RECORDS Start Marker
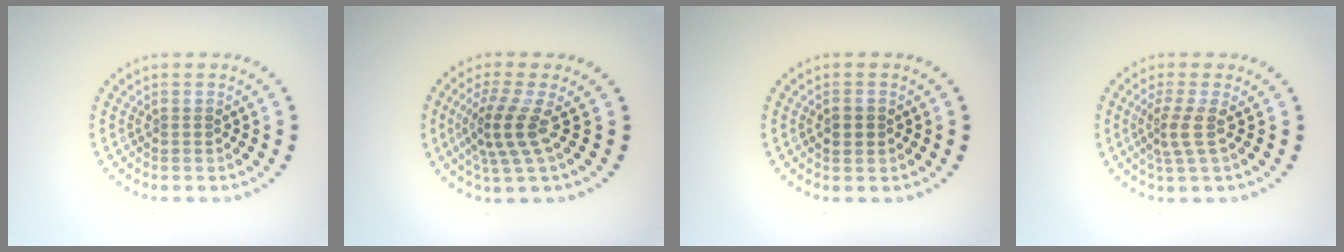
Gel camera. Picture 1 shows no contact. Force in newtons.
{"total": 3.6, "press": 2.7, "slide": 2.4}
{"total": 2.1, "press": 2.1, "slide": 0.2}
{"total": 2.3, "press": 1.6, "slide": 1.7}
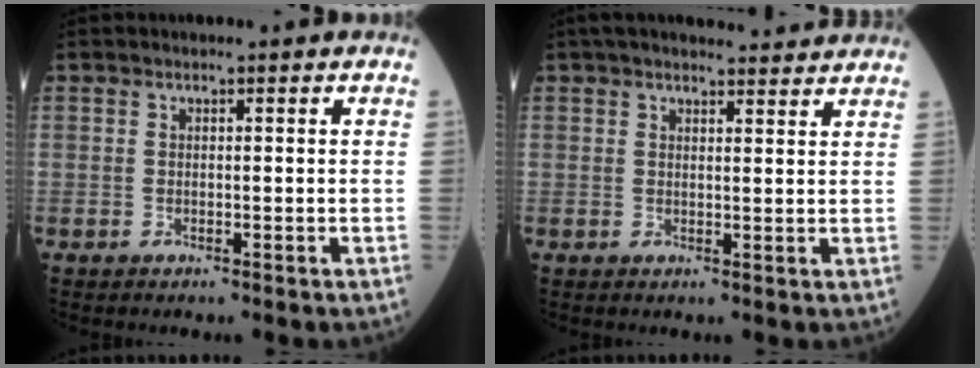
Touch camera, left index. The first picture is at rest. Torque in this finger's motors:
{"motor_torque": [1.05, -1.09, 0.02, 0.00]}
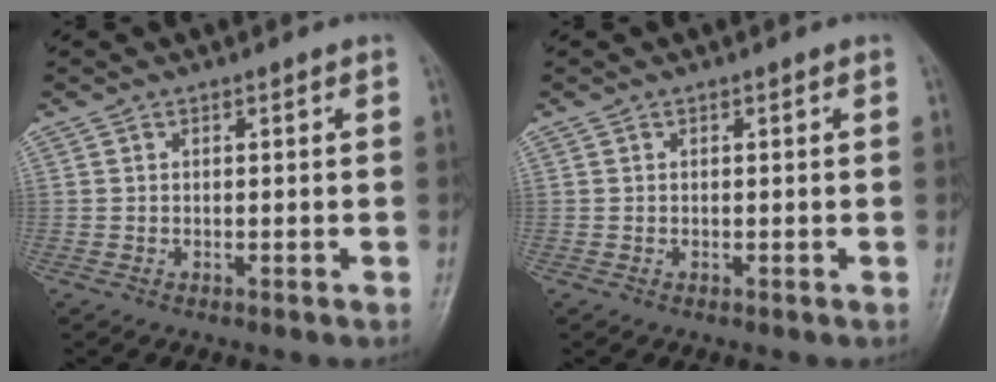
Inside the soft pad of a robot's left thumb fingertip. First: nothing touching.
{"total": 0.0}
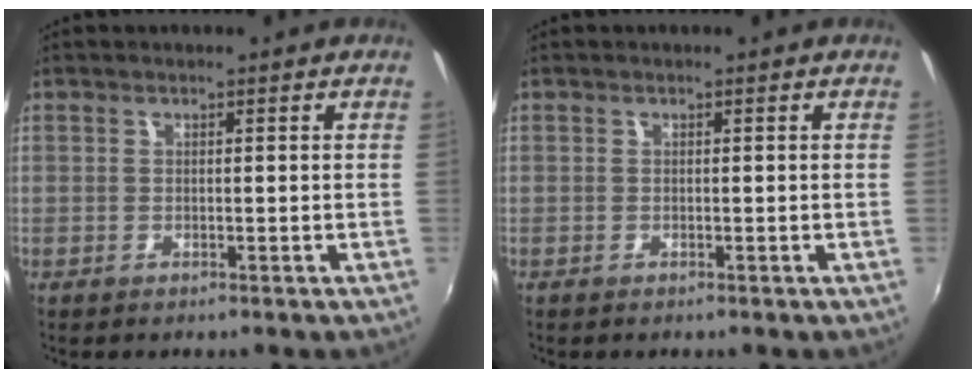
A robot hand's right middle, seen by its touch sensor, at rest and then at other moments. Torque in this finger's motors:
{"motor_torque": [0.12, 0.01, 0.04, 0.01]}
RECORDS End Marker
• **EXERCISE DIRECTIONS**:
Without the pictures, repeat the listing exactly as it reads.

• **EXERCISE SOLUTION**:
Gel camera. Picture 1 shows no contact. Force in newtons.
{"total": 3.6, "press": 2.7, "slide": 2.4}
{"total": 2.1, "press": 2.1, "slide": 0.2}
{"total": 2.3, "press": 1.6, "slide": 1.7}
Touch camera, left index. The first picture is at rest. Torque in this finger's motors:
{"motor_torque": [1.05, -1.09, 0.02, 0.00]}
Inside the soft pad of a robot's left thumb fingertip. First: nothing touching.
{"total": 0.0}
A robot hand's right middle, seen by its touch sensor, at rest and then at other moments. Torque in this finger's motors:
{"motor_torque": [0.12, 0.01, 0.04, 0.01]}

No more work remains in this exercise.